### Task objective:
Search the data for the word "outdoors" and copy each line that has it.
Segment Start: Task input
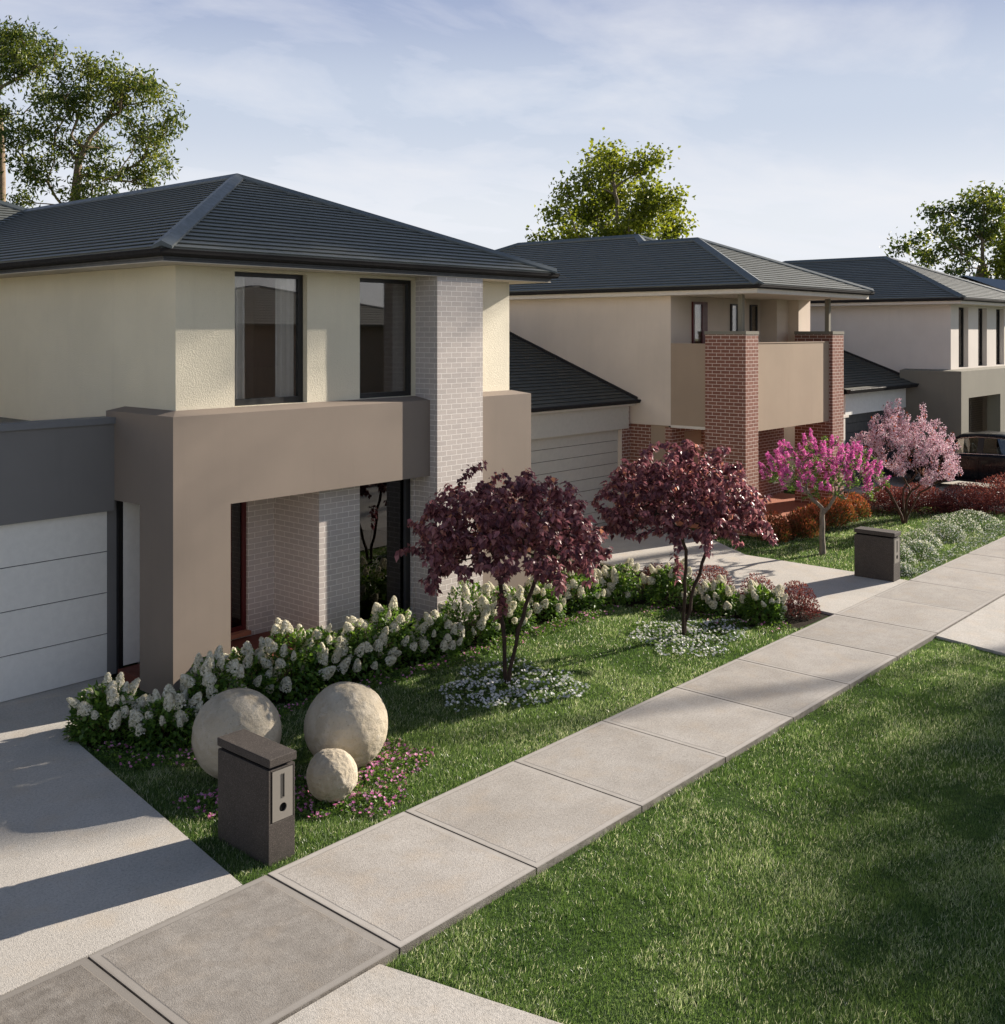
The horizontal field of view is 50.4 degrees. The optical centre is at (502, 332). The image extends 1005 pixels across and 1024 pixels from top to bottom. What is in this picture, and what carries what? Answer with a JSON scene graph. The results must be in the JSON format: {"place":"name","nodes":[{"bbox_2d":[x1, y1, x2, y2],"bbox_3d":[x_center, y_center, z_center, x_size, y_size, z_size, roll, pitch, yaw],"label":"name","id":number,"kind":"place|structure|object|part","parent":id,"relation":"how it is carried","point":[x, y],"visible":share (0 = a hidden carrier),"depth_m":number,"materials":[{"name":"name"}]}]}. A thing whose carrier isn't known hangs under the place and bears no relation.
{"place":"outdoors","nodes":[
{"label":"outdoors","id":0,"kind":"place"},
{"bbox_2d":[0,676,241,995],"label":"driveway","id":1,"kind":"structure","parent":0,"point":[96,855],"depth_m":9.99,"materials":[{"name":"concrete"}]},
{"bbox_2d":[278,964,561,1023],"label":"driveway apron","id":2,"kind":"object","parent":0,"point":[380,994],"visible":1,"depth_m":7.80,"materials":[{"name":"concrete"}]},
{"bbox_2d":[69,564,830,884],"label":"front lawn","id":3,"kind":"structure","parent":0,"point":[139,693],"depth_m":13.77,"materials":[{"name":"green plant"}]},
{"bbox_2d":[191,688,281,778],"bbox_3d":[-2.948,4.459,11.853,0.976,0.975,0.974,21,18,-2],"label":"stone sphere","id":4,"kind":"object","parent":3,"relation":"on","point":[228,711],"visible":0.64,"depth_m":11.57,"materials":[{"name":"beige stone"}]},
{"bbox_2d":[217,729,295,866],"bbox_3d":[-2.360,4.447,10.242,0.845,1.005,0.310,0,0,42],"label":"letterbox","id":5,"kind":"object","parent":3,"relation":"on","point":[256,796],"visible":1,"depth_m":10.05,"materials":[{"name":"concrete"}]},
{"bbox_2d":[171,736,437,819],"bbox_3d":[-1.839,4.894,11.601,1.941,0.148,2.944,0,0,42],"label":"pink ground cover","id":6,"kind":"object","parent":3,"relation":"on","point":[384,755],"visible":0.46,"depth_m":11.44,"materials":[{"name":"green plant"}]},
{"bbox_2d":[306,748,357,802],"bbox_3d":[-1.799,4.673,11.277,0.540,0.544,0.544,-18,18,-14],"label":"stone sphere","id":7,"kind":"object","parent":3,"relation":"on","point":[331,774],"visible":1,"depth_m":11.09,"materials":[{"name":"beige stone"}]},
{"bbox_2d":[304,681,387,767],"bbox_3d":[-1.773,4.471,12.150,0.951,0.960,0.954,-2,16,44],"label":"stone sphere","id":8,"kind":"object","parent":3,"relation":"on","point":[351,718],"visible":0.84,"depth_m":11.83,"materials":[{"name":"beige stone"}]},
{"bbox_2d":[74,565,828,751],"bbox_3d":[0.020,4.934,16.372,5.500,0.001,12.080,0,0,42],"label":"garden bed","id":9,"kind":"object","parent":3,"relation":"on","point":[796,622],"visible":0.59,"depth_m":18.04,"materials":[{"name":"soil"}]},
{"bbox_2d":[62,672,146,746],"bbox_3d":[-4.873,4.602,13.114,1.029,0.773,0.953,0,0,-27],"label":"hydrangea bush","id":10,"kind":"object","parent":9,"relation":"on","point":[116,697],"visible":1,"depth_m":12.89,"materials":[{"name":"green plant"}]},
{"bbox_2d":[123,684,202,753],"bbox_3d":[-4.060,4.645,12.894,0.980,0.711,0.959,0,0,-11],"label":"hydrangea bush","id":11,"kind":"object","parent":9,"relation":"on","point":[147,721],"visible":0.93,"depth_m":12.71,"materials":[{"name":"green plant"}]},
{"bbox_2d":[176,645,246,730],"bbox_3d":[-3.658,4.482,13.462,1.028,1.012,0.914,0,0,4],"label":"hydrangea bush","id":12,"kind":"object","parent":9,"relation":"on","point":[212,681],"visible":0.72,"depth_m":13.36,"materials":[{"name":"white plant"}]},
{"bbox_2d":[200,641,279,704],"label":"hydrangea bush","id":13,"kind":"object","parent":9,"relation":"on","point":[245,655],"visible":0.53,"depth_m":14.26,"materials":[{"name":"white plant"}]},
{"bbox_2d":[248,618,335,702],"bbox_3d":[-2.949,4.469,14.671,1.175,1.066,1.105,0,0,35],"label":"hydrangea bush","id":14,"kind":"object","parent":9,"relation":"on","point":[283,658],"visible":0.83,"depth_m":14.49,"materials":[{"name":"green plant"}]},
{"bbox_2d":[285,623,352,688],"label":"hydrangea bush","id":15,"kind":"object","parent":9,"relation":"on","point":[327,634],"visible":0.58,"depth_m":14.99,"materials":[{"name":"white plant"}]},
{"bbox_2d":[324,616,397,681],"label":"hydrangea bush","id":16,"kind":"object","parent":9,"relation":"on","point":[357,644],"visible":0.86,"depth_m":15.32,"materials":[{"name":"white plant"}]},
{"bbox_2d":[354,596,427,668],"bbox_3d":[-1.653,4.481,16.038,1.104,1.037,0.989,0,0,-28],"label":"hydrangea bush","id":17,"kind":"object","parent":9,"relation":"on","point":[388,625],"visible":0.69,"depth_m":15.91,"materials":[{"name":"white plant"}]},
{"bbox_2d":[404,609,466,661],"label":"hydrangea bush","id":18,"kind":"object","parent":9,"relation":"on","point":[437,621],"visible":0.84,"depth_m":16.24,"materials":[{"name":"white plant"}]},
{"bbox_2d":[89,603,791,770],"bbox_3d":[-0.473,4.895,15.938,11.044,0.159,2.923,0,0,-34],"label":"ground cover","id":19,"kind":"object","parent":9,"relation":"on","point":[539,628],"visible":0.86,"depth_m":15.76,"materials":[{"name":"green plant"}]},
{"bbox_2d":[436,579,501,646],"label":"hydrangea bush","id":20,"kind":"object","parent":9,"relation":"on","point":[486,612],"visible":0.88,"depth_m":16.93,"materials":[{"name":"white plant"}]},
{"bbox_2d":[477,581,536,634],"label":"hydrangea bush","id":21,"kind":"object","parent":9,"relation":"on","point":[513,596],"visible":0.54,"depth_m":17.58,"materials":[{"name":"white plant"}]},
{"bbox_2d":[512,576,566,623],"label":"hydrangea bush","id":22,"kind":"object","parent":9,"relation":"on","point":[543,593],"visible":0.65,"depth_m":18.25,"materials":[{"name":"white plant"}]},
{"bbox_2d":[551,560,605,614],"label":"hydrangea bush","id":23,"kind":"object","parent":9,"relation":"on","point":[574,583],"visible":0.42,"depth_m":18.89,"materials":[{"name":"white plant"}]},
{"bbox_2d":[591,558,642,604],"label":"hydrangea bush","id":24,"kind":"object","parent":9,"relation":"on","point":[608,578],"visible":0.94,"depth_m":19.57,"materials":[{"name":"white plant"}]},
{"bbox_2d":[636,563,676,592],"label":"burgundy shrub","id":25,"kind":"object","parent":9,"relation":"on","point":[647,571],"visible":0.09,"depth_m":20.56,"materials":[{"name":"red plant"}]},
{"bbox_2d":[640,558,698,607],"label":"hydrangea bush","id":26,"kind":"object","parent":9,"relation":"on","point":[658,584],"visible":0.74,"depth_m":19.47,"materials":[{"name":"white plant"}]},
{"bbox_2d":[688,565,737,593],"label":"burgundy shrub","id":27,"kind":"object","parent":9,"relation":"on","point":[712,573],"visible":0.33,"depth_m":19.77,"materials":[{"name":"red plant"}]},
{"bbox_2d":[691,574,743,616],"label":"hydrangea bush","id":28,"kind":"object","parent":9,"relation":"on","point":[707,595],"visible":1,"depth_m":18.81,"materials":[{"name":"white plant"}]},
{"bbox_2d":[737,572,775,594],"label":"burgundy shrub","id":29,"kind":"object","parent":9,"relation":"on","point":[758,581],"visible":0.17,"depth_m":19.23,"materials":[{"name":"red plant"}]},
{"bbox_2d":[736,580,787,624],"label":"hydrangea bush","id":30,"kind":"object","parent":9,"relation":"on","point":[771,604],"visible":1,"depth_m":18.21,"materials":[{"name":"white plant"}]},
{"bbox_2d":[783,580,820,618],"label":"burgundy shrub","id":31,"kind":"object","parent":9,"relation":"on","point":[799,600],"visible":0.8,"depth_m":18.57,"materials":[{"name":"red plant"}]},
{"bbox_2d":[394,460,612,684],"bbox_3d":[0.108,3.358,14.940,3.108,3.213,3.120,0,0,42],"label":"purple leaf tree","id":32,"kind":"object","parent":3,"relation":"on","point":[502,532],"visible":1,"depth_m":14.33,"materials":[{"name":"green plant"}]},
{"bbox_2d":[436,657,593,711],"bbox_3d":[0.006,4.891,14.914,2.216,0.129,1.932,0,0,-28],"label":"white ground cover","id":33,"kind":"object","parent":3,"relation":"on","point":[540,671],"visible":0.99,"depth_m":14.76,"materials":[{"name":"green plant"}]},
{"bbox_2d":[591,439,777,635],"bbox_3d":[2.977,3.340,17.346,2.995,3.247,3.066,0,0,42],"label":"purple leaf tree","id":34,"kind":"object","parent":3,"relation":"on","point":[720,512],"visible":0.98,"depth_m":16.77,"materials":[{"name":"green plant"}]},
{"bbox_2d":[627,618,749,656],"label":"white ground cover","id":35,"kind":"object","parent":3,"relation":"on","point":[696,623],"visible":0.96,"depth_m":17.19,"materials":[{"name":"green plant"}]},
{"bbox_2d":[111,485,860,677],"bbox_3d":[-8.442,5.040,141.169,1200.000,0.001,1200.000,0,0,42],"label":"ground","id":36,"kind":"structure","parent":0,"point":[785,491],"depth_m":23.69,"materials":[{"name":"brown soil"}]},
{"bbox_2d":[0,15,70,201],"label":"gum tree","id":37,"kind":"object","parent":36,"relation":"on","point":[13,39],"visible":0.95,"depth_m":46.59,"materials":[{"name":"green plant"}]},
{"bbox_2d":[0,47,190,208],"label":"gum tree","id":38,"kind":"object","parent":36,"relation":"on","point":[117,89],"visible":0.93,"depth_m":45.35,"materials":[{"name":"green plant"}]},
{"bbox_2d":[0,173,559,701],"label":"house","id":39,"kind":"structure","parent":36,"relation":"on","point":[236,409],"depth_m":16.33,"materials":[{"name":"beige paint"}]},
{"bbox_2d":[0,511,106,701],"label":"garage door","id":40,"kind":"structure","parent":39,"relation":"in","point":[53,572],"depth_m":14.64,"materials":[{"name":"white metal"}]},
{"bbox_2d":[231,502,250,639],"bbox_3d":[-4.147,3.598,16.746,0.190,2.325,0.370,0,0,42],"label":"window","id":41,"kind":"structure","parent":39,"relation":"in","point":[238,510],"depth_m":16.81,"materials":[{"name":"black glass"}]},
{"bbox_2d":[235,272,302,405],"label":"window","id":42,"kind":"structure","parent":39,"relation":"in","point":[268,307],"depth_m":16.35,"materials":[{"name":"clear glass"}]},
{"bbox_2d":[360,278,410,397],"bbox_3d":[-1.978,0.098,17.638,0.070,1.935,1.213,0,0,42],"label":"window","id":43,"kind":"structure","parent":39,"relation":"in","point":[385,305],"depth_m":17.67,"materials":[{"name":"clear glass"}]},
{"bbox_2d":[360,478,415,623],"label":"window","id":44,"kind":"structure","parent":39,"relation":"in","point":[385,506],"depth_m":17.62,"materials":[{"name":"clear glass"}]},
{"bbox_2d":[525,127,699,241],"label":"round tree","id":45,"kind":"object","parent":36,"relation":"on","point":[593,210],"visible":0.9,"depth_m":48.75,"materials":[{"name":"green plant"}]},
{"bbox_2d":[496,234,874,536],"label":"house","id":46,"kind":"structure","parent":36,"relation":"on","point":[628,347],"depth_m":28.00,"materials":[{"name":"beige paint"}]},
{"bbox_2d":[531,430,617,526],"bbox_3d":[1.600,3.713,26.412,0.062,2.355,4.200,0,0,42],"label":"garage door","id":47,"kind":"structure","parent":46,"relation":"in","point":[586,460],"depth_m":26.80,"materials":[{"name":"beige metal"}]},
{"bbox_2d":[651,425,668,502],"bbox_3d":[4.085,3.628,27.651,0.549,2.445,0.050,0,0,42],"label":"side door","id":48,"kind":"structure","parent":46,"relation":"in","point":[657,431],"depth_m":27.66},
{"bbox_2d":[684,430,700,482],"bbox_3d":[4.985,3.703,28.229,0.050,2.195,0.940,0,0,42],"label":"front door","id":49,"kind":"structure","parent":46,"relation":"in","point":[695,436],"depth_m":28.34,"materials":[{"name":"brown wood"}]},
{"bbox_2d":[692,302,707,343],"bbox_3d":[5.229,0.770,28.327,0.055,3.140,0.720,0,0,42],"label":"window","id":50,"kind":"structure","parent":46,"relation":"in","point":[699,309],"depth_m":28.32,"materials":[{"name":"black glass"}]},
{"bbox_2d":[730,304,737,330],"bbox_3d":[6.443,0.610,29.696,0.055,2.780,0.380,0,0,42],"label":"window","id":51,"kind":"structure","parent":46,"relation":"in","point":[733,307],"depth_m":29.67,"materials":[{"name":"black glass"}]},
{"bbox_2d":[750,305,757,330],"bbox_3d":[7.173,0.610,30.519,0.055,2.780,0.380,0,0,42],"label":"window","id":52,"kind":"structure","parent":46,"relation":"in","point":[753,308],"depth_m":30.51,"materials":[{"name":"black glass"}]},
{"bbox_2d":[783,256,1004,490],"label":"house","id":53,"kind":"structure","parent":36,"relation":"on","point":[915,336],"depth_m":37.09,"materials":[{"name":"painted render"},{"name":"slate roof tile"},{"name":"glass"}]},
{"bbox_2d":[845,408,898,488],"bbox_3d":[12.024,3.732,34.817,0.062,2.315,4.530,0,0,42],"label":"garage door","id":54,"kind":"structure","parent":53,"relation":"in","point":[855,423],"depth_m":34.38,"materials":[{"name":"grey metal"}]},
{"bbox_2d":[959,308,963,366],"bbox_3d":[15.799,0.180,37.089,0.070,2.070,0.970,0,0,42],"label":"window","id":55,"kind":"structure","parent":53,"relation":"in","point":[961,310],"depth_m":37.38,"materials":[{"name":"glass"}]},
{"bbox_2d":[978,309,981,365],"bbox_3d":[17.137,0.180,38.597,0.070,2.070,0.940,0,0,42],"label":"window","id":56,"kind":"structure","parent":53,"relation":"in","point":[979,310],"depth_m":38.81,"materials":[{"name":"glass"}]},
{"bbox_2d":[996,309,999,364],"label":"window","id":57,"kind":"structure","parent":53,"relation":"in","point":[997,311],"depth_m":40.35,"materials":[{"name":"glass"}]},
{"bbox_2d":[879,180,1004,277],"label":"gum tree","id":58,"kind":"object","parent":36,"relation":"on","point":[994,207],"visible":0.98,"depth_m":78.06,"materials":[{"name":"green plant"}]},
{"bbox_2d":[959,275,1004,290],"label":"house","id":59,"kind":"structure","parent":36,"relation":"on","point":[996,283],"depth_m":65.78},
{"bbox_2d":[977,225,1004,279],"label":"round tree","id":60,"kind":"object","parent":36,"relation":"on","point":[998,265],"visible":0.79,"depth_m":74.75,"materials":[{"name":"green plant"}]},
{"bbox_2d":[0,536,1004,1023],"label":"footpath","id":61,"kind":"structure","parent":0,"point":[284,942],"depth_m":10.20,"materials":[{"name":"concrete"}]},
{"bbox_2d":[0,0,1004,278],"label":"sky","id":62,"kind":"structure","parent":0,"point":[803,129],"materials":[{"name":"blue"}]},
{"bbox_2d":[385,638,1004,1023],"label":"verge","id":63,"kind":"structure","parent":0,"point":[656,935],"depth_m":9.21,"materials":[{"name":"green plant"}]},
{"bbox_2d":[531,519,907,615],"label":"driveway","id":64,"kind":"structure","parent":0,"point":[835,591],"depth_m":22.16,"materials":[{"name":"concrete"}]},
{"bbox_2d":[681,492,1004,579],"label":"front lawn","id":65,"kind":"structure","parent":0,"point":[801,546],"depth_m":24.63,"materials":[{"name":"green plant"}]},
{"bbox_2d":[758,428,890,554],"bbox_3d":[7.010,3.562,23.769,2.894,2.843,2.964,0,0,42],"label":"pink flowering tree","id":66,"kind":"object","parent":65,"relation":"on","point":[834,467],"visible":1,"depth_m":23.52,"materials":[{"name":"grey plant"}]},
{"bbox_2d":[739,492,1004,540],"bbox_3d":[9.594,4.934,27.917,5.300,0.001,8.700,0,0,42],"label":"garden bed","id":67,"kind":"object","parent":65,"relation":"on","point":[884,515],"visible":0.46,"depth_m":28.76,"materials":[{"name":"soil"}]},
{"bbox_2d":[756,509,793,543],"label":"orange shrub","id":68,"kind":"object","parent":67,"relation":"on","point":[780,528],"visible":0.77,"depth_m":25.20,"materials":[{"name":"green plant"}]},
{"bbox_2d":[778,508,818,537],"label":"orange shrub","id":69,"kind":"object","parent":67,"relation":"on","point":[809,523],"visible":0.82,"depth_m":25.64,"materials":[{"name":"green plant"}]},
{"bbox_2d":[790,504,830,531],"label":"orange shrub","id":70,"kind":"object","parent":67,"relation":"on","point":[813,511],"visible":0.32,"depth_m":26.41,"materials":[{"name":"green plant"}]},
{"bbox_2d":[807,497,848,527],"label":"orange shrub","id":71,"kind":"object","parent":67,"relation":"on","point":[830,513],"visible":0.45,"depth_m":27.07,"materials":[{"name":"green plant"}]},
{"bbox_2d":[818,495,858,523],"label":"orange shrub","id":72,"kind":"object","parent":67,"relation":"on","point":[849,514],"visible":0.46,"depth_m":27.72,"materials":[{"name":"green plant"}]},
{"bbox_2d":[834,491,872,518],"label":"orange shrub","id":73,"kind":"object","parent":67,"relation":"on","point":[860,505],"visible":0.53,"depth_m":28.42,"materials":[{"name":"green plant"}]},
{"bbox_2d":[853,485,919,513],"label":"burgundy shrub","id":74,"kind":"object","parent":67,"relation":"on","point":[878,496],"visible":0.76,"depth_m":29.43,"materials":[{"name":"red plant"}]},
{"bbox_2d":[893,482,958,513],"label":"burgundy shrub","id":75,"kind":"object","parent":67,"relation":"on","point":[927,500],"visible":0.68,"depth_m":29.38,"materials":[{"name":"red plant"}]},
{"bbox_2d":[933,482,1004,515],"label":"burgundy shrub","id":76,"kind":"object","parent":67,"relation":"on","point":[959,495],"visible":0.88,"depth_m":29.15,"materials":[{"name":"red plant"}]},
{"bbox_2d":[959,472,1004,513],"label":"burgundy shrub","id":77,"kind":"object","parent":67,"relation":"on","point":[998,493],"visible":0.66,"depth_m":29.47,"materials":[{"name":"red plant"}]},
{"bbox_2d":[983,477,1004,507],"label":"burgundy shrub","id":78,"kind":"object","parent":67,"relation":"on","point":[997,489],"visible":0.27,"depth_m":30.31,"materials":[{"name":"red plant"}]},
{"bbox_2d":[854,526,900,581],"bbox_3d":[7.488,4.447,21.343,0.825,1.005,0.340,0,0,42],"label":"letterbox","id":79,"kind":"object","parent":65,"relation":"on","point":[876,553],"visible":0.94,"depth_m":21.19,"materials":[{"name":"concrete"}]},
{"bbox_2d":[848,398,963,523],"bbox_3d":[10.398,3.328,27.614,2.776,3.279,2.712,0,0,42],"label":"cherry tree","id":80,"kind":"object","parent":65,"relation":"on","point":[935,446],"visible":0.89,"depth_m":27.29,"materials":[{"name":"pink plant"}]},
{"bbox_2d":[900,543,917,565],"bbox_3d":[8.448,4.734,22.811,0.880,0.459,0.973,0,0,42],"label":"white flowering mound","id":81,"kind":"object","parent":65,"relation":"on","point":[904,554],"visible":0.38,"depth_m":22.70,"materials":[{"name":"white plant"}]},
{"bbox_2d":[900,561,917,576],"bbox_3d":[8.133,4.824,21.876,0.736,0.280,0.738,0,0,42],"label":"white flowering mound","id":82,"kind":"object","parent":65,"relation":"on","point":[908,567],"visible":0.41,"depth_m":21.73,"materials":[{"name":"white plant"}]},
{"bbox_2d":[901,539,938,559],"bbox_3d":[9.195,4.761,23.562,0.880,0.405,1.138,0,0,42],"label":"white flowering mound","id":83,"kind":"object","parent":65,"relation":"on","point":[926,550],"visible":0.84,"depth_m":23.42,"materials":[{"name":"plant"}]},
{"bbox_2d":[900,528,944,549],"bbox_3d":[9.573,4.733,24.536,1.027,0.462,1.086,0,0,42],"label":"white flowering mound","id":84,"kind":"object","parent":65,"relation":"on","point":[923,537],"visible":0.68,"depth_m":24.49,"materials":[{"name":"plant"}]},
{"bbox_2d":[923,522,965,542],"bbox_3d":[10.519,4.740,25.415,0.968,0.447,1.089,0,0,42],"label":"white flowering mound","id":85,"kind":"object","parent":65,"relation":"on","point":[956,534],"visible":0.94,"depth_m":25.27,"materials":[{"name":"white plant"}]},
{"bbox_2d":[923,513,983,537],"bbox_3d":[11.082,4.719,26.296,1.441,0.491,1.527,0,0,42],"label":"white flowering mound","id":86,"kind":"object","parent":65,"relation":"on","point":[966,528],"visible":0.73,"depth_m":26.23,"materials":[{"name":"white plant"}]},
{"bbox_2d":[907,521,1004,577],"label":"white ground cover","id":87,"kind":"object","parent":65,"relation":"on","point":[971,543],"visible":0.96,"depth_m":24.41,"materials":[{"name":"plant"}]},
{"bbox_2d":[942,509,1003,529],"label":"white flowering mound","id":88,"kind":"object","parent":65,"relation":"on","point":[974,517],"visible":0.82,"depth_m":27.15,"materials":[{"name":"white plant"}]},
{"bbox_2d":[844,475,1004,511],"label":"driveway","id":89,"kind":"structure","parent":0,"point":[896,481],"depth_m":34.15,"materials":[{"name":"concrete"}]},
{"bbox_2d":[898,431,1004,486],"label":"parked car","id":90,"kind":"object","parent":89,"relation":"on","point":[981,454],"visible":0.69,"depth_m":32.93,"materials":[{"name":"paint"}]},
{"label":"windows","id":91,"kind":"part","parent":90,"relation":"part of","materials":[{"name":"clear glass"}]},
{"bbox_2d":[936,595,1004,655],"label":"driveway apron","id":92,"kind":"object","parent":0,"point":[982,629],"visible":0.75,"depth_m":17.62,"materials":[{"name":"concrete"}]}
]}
Segment End: Task input
### Worked solution:
{"place":"outdoors","nodes":[
{"label":"outdoors","id":0,"kind":"place"},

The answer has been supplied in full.